- ENTRIES PROVIDED -
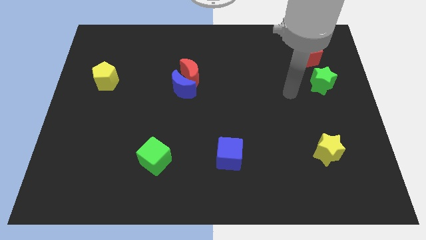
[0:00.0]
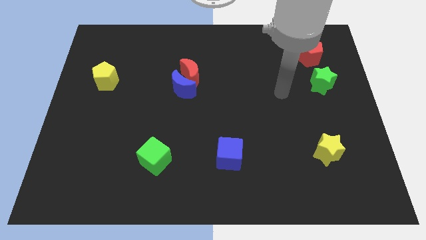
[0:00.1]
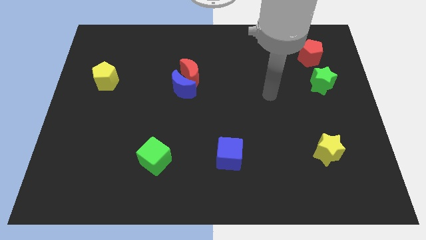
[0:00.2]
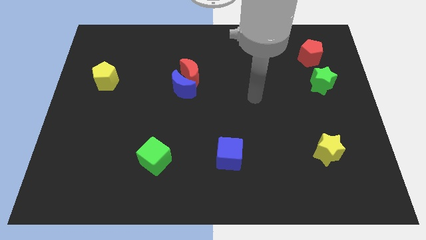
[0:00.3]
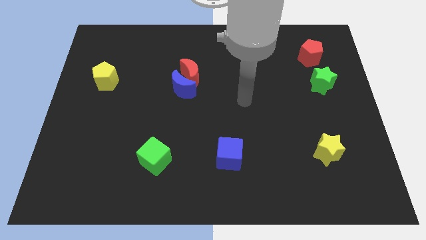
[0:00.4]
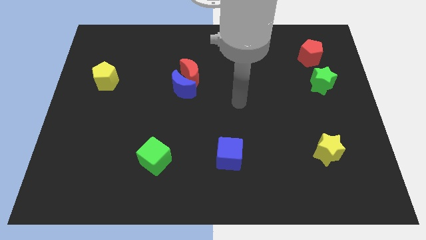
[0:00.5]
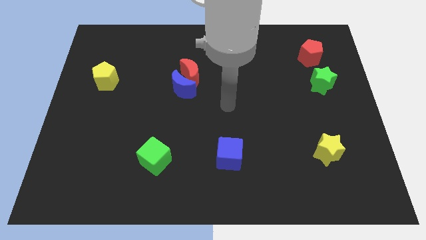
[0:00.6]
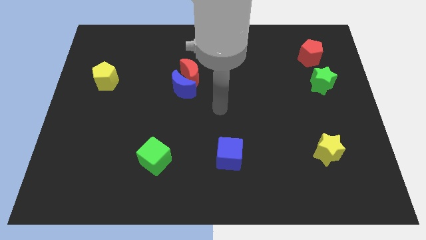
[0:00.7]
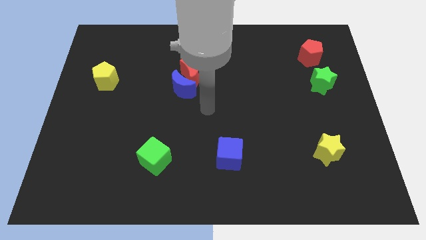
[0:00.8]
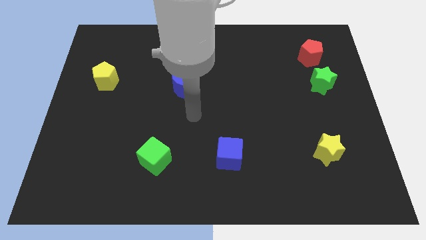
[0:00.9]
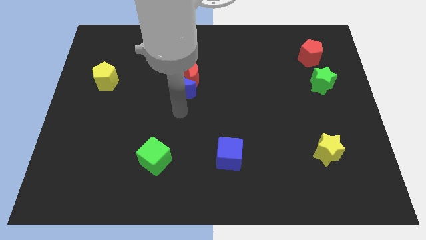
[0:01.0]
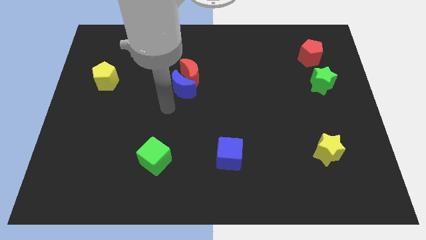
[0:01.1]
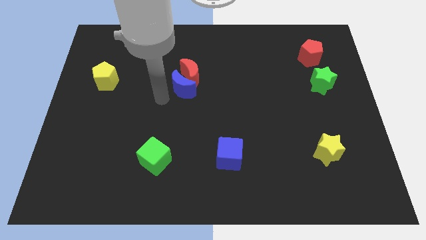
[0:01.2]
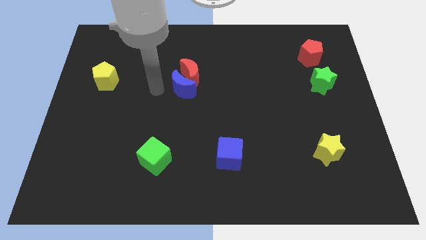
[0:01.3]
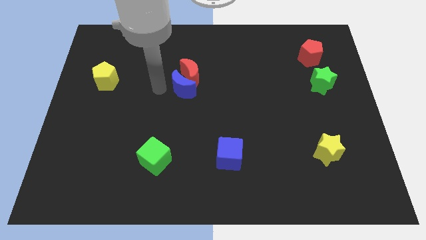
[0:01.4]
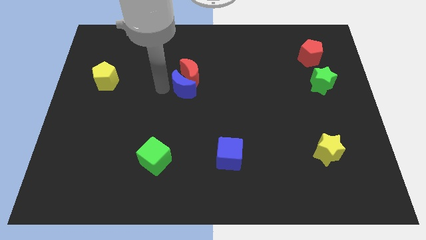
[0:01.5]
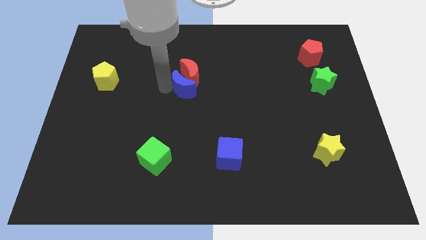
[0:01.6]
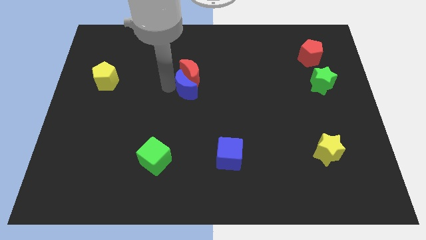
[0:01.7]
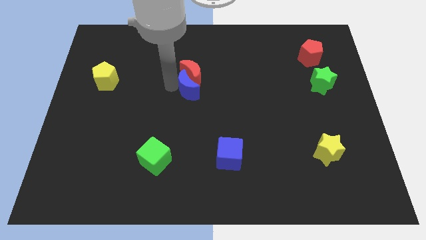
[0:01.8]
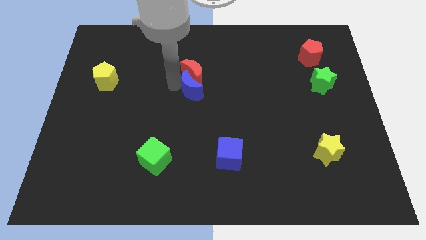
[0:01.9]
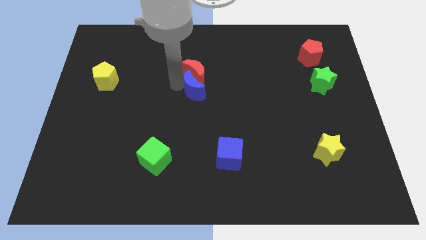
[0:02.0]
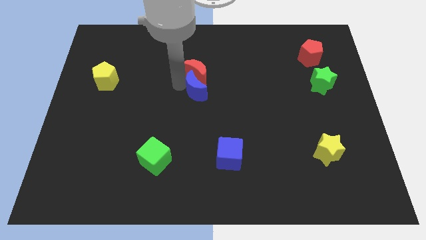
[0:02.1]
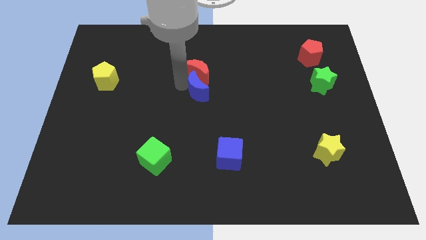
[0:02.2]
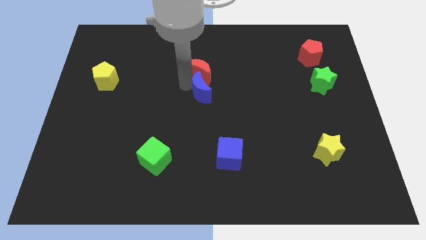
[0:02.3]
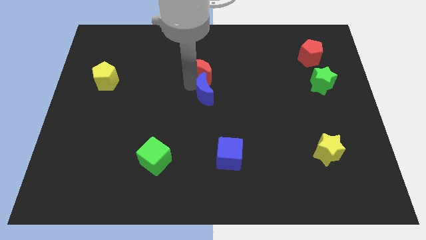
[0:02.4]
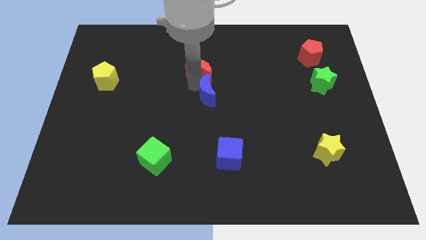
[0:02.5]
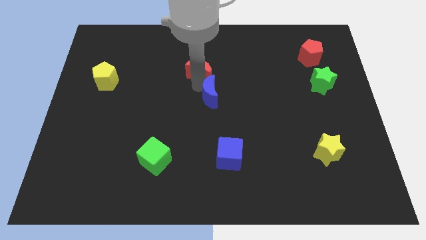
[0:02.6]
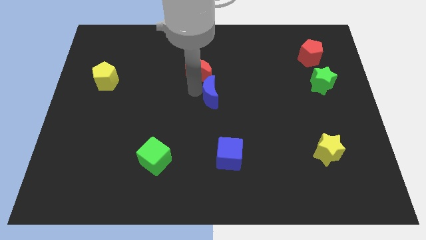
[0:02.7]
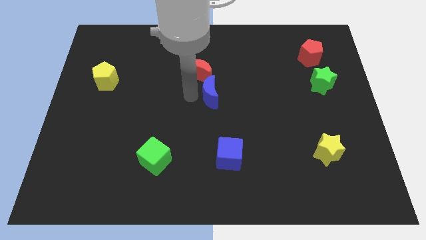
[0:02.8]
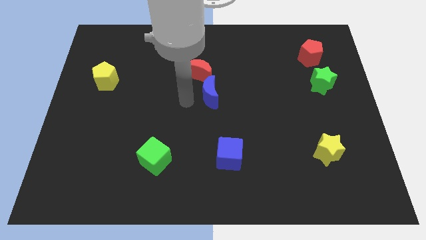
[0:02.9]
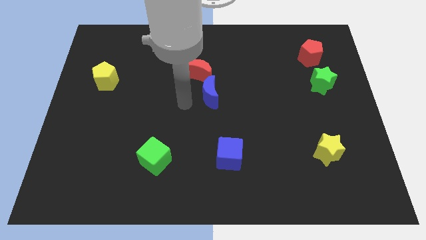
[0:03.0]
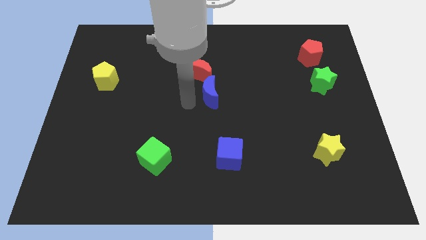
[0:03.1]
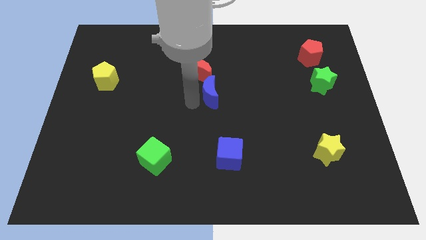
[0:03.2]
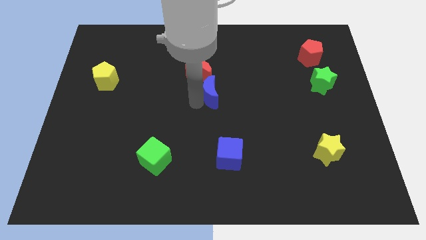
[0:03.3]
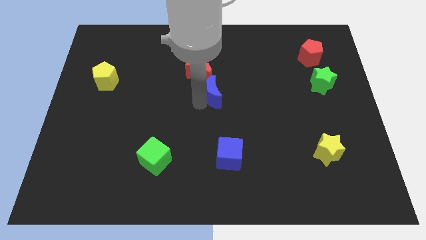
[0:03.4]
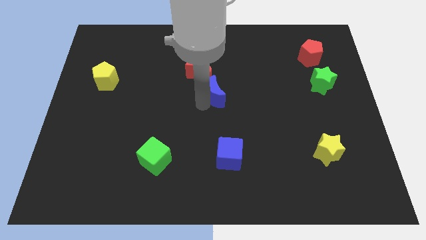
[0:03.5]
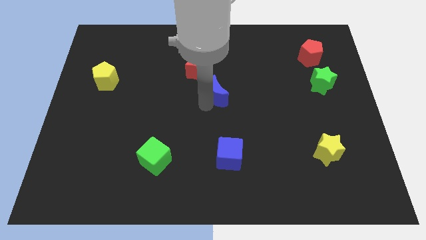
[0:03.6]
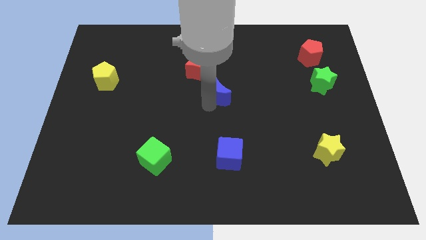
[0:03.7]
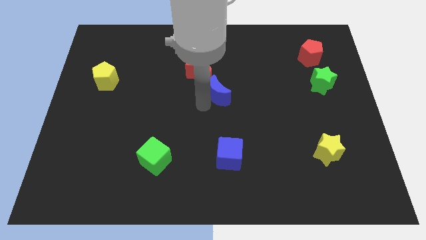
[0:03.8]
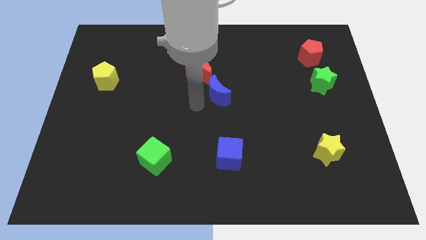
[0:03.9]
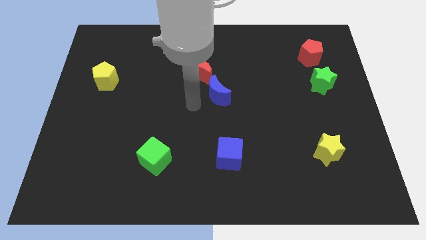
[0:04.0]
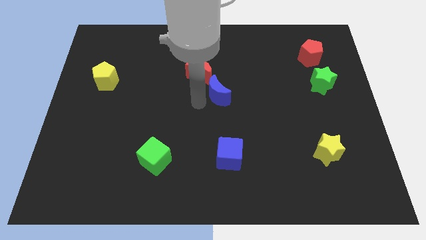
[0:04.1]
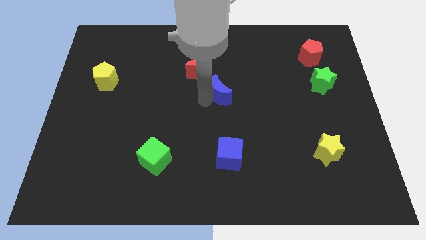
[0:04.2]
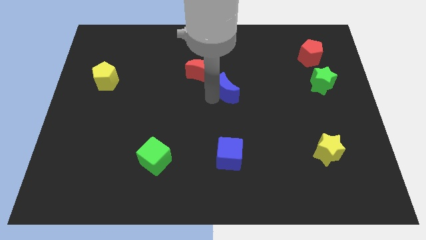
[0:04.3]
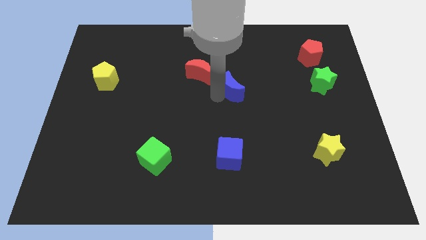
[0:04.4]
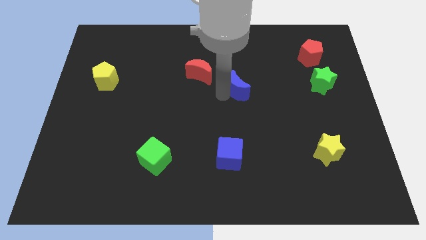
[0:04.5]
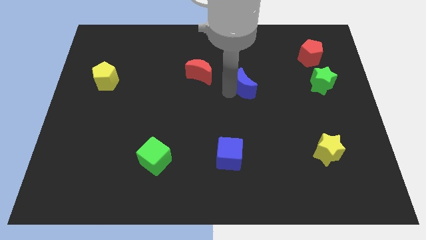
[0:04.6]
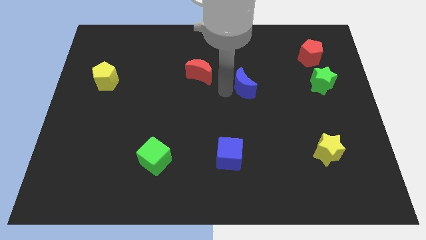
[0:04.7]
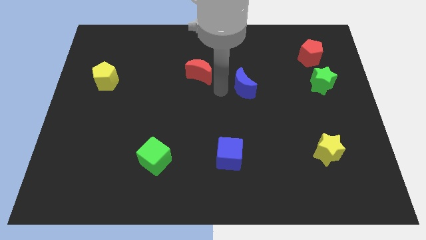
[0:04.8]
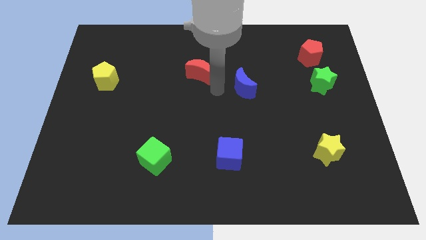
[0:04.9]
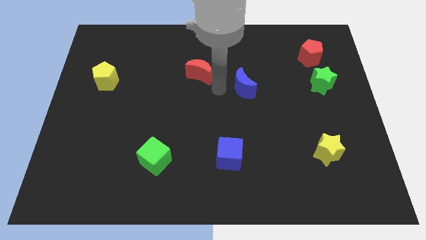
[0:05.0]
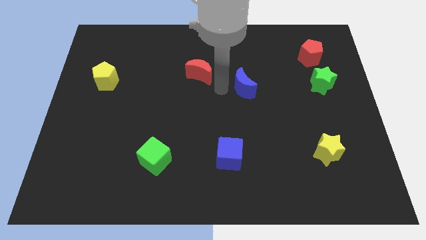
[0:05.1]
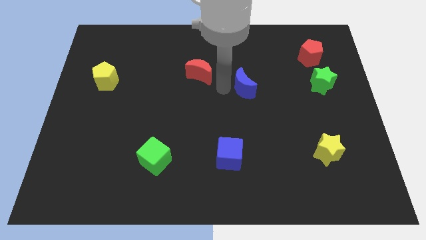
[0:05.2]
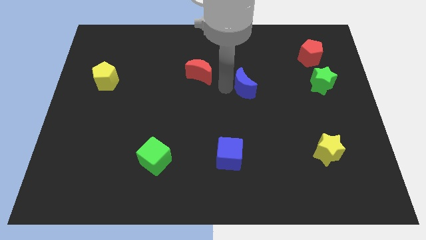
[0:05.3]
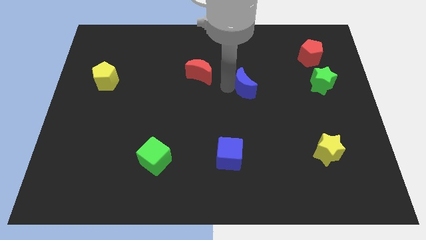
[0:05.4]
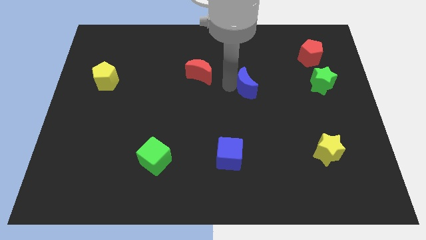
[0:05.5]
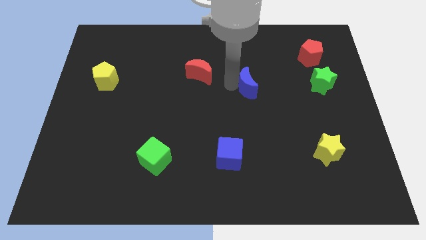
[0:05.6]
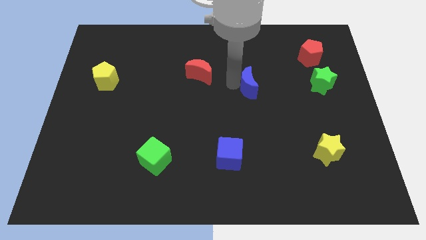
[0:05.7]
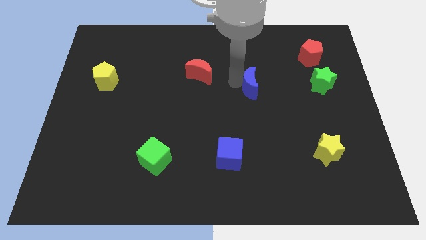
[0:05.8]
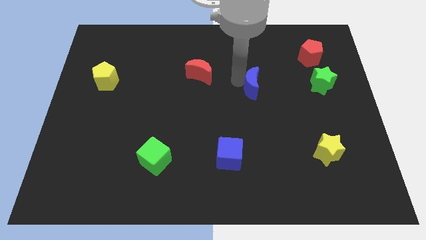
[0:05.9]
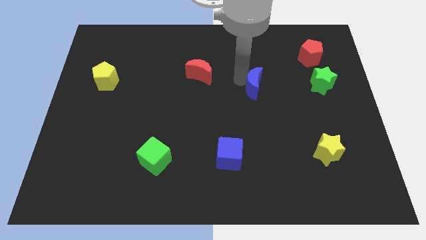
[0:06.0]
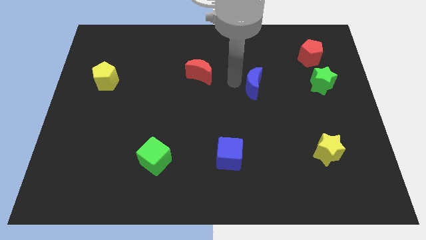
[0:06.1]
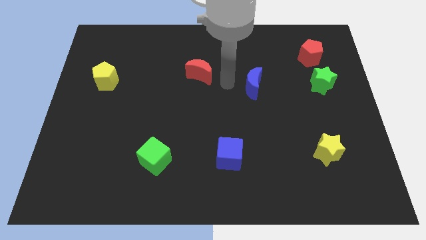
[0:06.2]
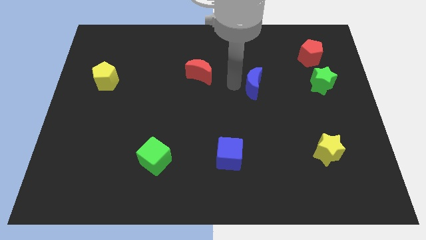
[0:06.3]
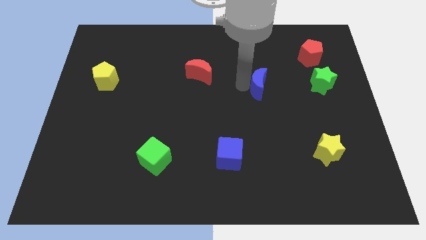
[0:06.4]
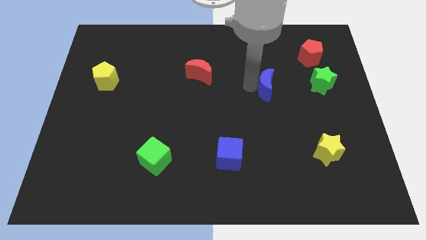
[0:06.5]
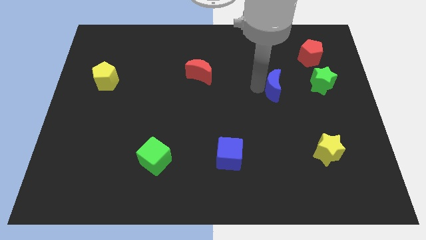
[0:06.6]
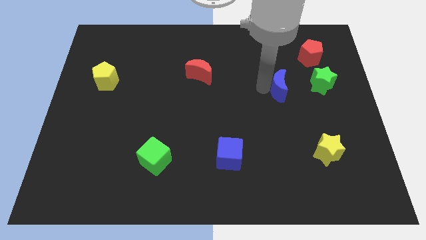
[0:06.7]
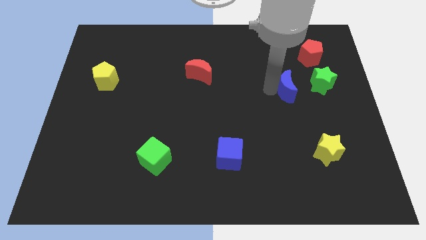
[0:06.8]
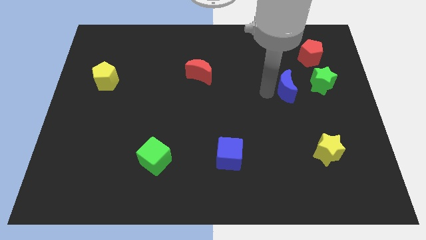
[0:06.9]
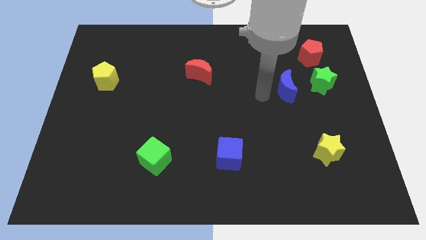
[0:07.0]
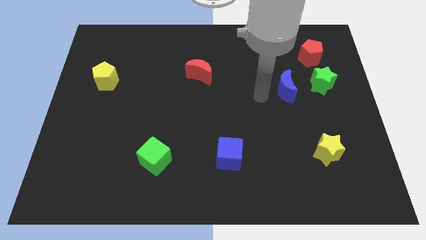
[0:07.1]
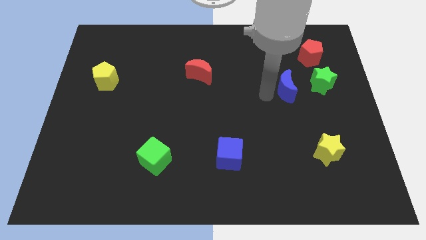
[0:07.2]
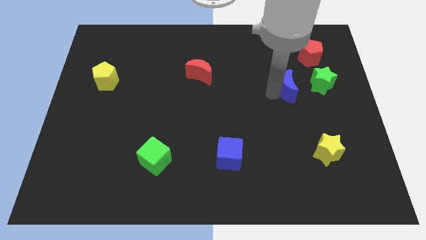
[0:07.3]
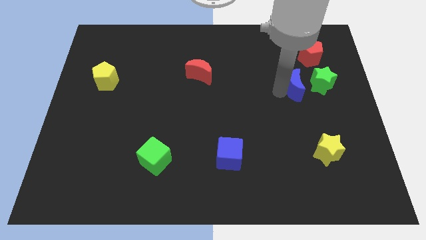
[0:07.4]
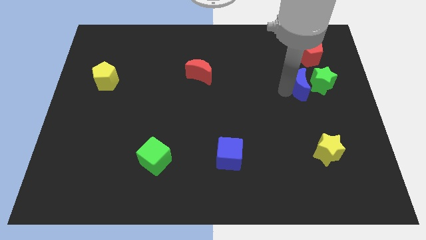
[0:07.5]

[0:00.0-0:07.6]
slide the blue moon close to the green star

- EXERCISE REQUIREMENTS -
The pictures should be dropped, and every line above should be set down again exactly.

- YOUR RESPONSE -
[0:00.0]
[0:00.1]
[0:00.2]
[0:00.3]
[0:00.4]
[0:00.5]
[0:00.6]
[0:00.7]
[0:00.8]
[0:00.9]
[0:01.0]
[0:01.1]
[0:01.2]
[0:01.3]
[0:01.4]
[0:01.5]
[0:01.6]
[0:01.7]
[0:01.8]
[0:01.9]
[0:02.0]
[0:02.1]
[0:02.2]
[0:02.3]
[0:02.4]
[0:02.5]
[0:02.6]
[0:02.7]
[0:02.8]
[0:02.9]
[0:03.0]
[0:03.1]
[0:03.2]
[0:03.3]
[0:03.4]
[0:03.5]
[0:03.6]
[0:03.7]
[0:03.8]
[0:03.9]
[0:04.0]
[0:04.1]
[0:04.2]
[0:04.3]
[0:04.4]
[0:04.5]
[0:04.6]
[0:04.7]
[0:04.8]
[0:04.9]
[0:05.0]
[0:05.1]
[0:05.2]
[0:05.3]
[0:05.4]
[0:05.5]
[0:05.6]
[0:05.7]
[0:05.8]
[0:05.9]
[0:06.0]
[0:06.1]
[0:06.2]
[0:06.3]
[0:06.4]
[0:06.5]
[0:06.6]
[0:06.7]
[0:06.8]
[0:06.9]
[0:07.0]
[0:07.1]
[0:07.2]
[0:07.3]
[0:07.4]
[0:07.5]

[0:00.0-0:07.6]
slide the blue moon close to the green star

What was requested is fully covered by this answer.